本文不会介绍 JobMagage 的启动及任务调度过程,后面将会在单独的文章中进行分析。
核心概念※
ExecutionJobVertex※
在 ExecutionGraph 中,节点对应的类是 ExecutionJobVertex,与之对应的就是 JobGraph 中的 JobVertex。每一个 ExexutionJobVertex 都是由一个 JobVertex 生成的。
private final Object stateMonitor = new Object();
private final InternalExecutionGraphAccessor graph;
private final JobVertex jobVertex;
//ExecutionVertex 对应一个并行的子任务
// 算子的并行度是多少,那么就会有多少个
@Nullable private ExecutionVertex[] taskVertices;
// 对外输出
// 对应JobGraph 的IntermediateDataSet
@Nullable private IntermediateResult[] producedDataSets;
@Nullable private List<IntermediateResult> inputs;
private final VertexParallelismInformation parallelismInfo;
private final SlotSharingGroup slotSharingGroup;
@Nullable private final CoLocationGroup coLocationGroup;
@Nullable private InputSplit[] inputSplits;
private final ResourceProfile resourceProfile;
private int numExecutionVertexFinished;
/**
* Either store a serialized task information, which is for all sub tasks the same, or the
* permanent blob key of the offloaded task information BLOB containing the serialized task
* information.
*/
private Either<SerializedValue<TaskInformation>, PermanentBlobKey> taskInformationOrBlobKey =
null;
private final Collection<OperatorCoordinatorHolder> operatorCoordinators;
@Nullable private InputSplitAssigner splitAssigner;
ExecutionVertex※
ExexutionJobVertex 的成员变量中包含一个 ExecutionVertex 数组。我们知道,Flink Job 是可以指定任务的并行度的,在实际运行时,会有多个并行的任务同时在执行,对应到这里就是 ExecutionVertex。

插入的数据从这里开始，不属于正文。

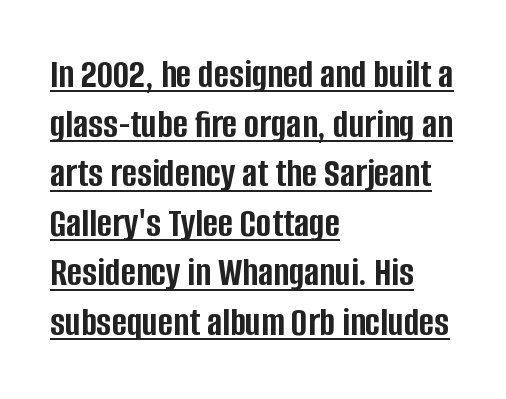
Leftover space on each line is placed entirely after the last word. Style check: upright. Caption: bold face, heavy strokes. This sample has the flowing, uneven cadence of proportional lettering. Check where the strokes stop: nothing finishes them off — pure sans. The face used here appears with an underline applied.
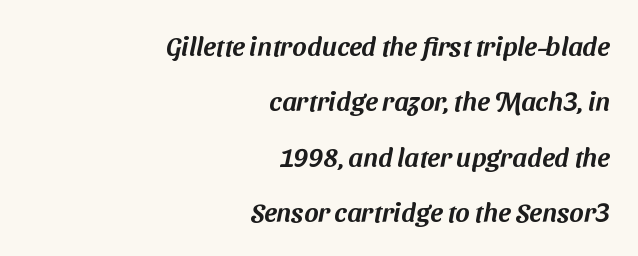
Q: Is the text underlined? A: No.
Q: How is the paragraph aligned? A: Right-aligned.
Q: Is the spacing between letters normal or unusually wide? A: Normal.
Q: Is the spacing between lines tight, normal or loose? A: Loose.
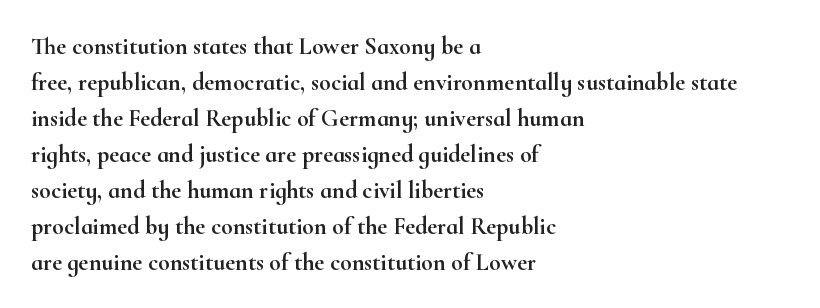
You can tell it's not italic because the verticals are truly vertical. Whoever set this chose a conventional vertical rhythm. The line texture is even and compact thanks to regular tracking. Each row of text sits above clean, open space.
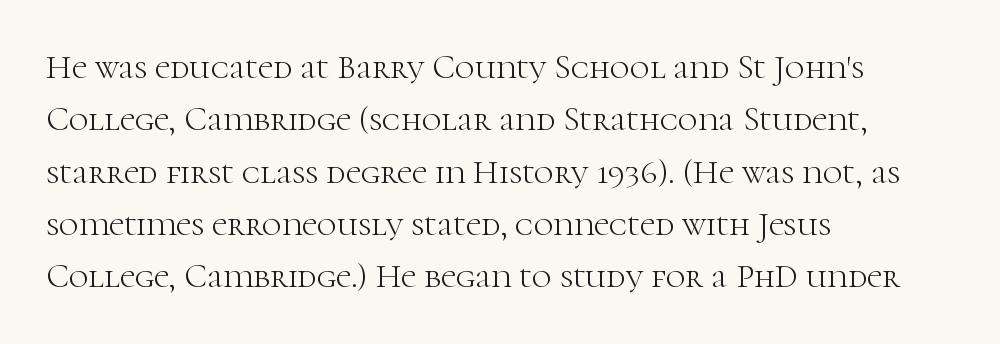
Look at the tracking — it's just the regular setting, nothing added. Left-aligned paragraph, ragged on the right. Old-style or modern, the face here clearly has serifs. Italic? Not at all — the glyphs are vertical. Ink coverage per letter is moderate at most. This sample has the flowing, uneven cadence of proportional lettering.
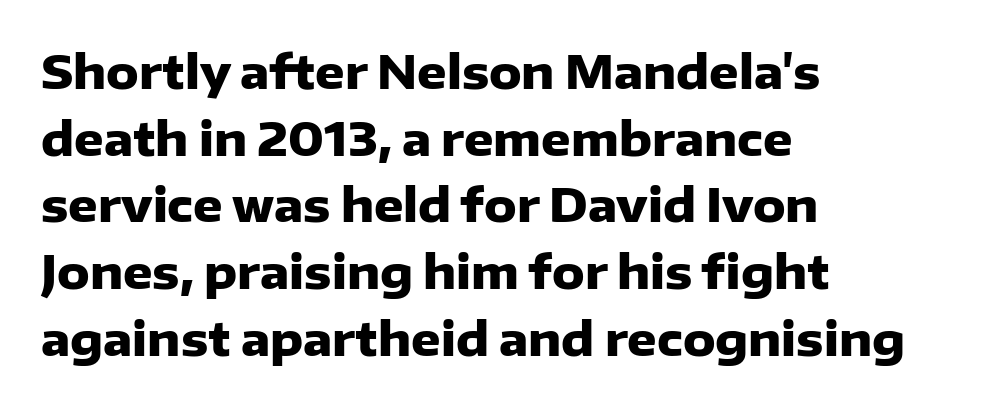
The image shows 46 px heavy sans-serif type, upright; set left-aligned, normal line spacing (1.45x), normal letter spacing, not underlined; low stroke contrast and a medium x-height.
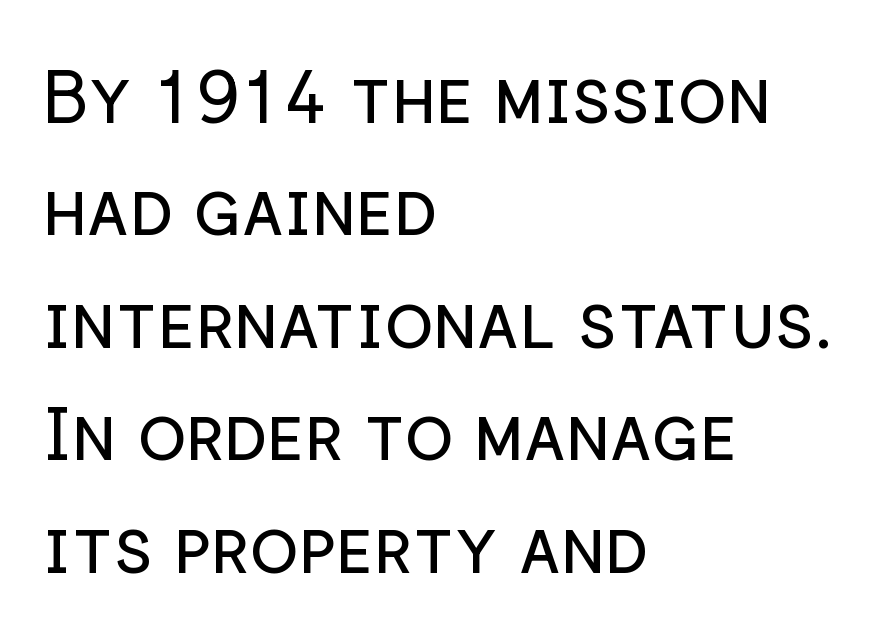
{"serif": "no", "italic": "no", "bold": "no", "weight": "regular", "width": "normal", "stroke_contrast": "low", "x_height": "medium", "monospaced": "no", "underline": "no", "align": "left", "line_spacing": "normal", "line_spacing_ratio": 1.54, "letter_spacing": "normal", "letter_spacing_em": 0.0, "glyph_px": 73}
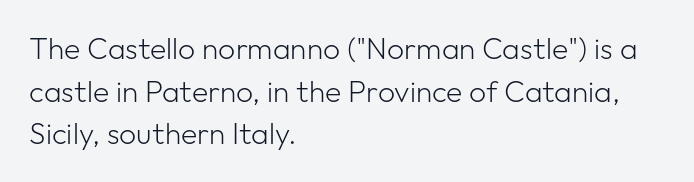
{"serif": "no", "italic": "no", "bold": "no", "weight": "light", "width": "normal", "stroke_contrast": "low", "x_height": "medium", "monospaced": "no", "underline": "no", "align": "left", "line_spacing": "normal", "line_spacing_ratio": 1.42, "letter_spacing": "normal", "letter_spacing_em": 0.0, "glyph_px": 30}
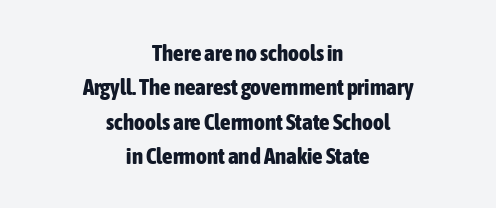
{"italic": "no", "bold": "yes", "underline": "no", "align": "center", "line_spacing": "normal", "line_spacing_ratio": 1.49, "letter_spacing": "normal", "letter_spacing_em": 0.0, "glyph_px": 23}
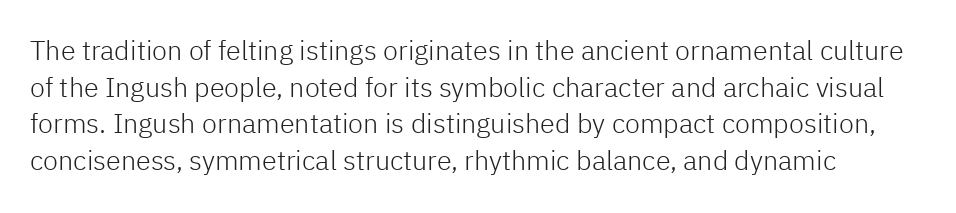
Q: Is the text bold? A: No.
Q: Is the text italic (slanted)? A: No, it is upright.
Q: Is the text underlined? A: No.
Q: How is the paragraph aligned? A: Left-aligned.
Q: Is the spacing between letters normal or unusually wide? A: Normal.
Q: Is the spacing between lines tight, normal or loose? A: Normal.
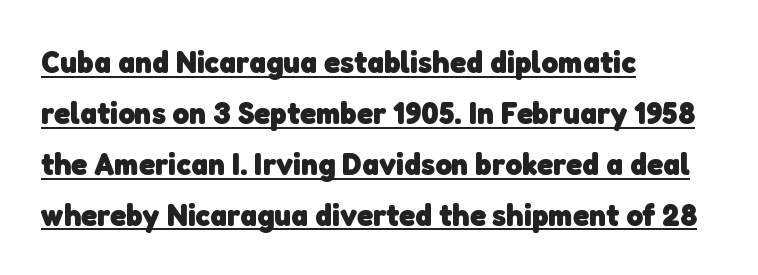
The image shows 32 px heavy sans-serif type; set left-aligned, normal line spacing (1.59x), normal letter spacing, underlined; low stroke contrast and a medium x-height.
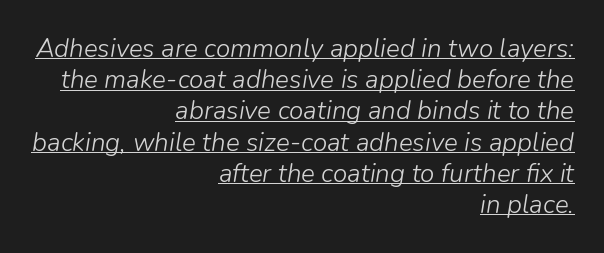
Every character sits at an angle, as italics do. Casual observation: everything's shoved over to the right. The line texture is even and compact thanks to regular tracking. The strokes are not fattened; the text isn't bold.

ExecutionVertex 是并行任务的一个子任务,算子的并行度是多少,那么就会有多少个 ExecutionVertex。
public static final long NUM_BYTES_UNKNOWN = -1;
// --------------------------------------------------------------------------------------------
final ExecutionJobVertex jobVertex;
private final Map<IntermediateResultPartitionID, IntermediateResultPartition> resultPartitions;
private final int subTaskIndex;
private final ExecutionVertexID executionVertexId;
//ExecutionVertex的历史执行情况
final ExecutionHistory executionHistory;
private final Time timeout;
/** The name in the format "myTask (2/7)", cached to avoid frequent string concatenations. */
private final String taskNameWithSubtask;
/** The current or latest execution attempt of this vertex's task. */
// 此顶点任务的当前或最新执行尝试。
Execution currentExecution; // this field must never be null
// 输入拆分
final ArrayList<InputSplit> inputSplits;
private int nextAttemptNumber;
private long inputBytes;
/** This field holds the allocation id of the last successful assignment. */
//此字段保存上次成功分配的分配id。
//封装TaskManager的连接信息
@Nullable
private TaskManagerLocation lastAssignedLocation;
//由JobManager通过ResourceManager从TaskManager分配的物理插槽的唯一标识符。
@Nullable
private AllocationID lastAssignedAllocationID;
Execution※
Execution 是对 ExecutionVertex 的一次执行,通过 ExecutionAttemptId 来唯一标识。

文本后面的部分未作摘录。